Among the lines below, tally those that contain "text" and respond with the total only.

Listed entries:

___

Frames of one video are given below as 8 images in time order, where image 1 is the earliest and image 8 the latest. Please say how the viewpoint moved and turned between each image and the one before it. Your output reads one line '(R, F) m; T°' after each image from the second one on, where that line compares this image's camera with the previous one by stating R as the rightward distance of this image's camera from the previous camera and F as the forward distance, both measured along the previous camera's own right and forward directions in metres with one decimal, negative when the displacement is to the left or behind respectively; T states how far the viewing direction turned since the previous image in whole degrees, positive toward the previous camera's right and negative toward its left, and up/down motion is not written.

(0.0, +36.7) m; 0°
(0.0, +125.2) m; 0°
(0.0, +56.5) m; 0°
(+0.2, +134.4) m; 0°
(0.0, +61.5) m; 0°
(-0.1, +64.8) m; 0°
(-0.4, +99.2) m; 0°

___

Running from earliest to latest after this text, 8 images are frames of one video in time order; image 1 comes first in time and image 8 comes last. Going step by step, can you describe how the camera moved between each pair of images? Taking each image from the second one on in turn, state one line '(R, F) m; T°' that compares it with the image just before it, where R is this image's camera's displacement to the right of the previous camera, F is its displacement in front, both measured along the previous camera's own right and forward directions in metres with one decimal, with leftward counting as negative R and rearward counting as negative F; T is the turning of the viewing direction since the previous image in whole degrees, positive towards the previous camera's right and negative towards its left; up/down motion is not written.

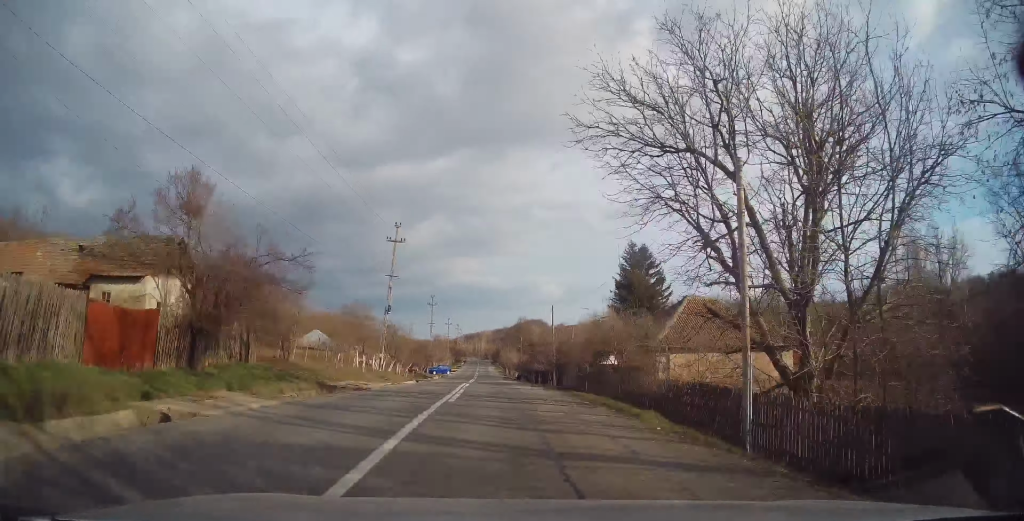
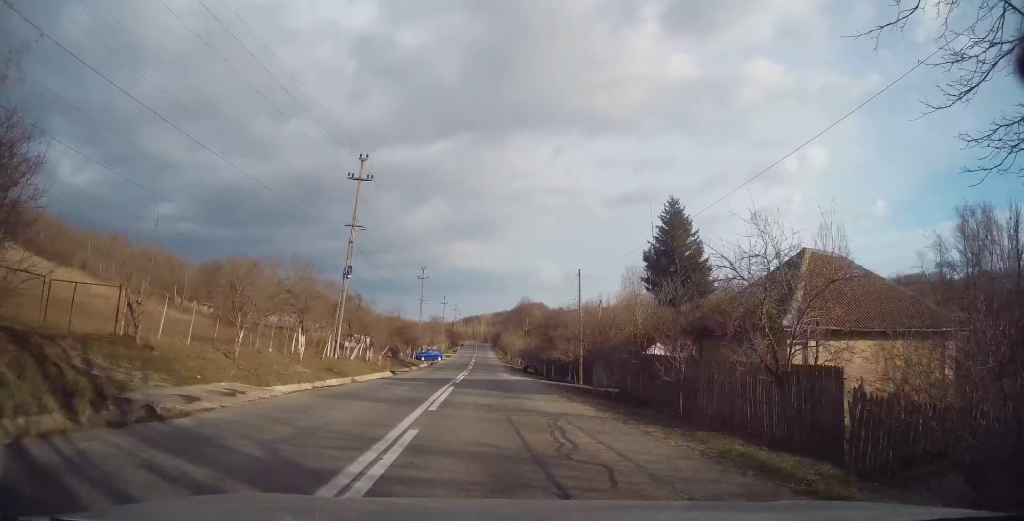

___

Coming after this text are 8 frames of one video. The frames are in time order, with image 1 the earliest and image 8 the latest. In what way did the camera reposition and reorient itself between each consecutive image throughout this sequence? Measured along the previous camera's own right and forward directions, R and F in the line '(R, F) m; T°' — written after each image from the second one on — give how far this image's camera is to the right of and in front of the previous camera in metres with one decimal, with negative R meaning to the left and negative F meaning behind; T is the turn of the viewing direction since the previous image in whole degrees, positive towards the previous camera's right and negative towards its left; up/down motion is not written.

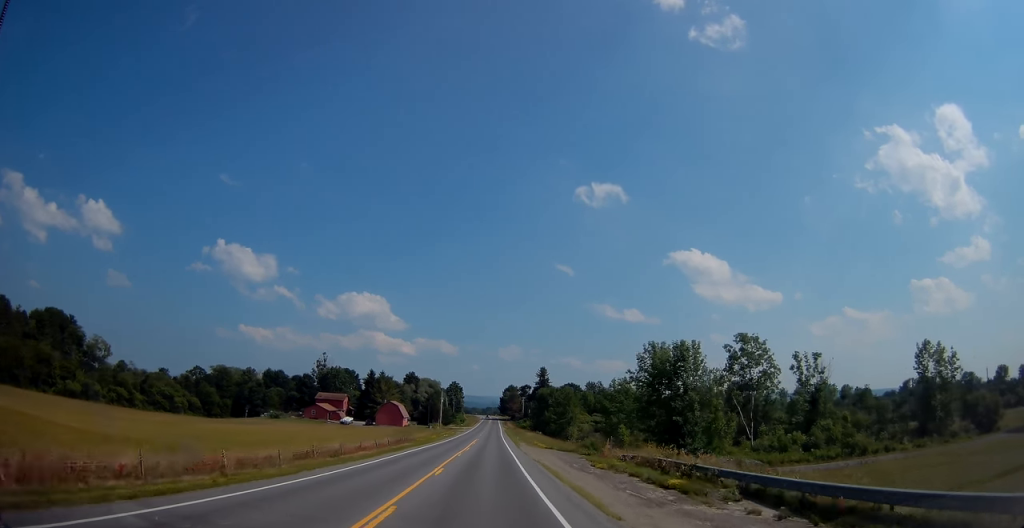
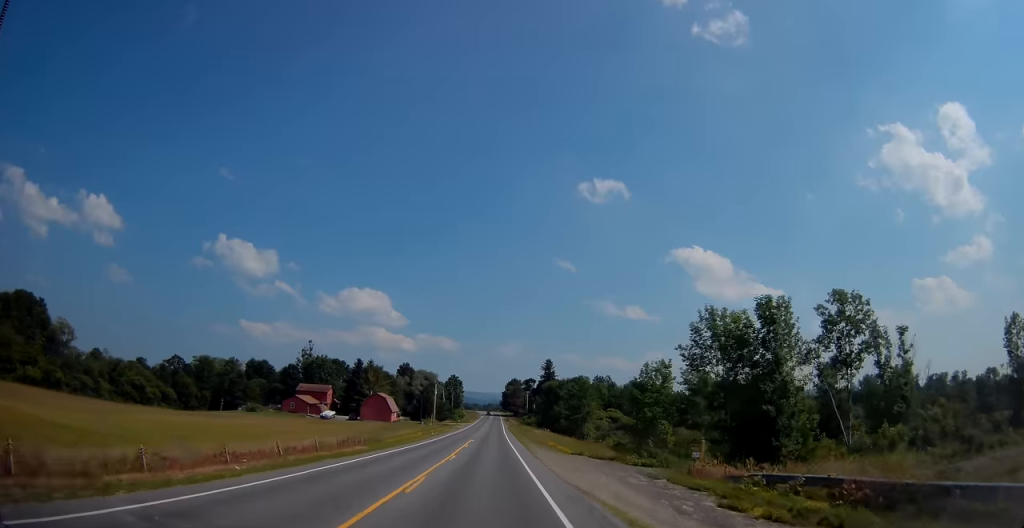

___

Written answer:
2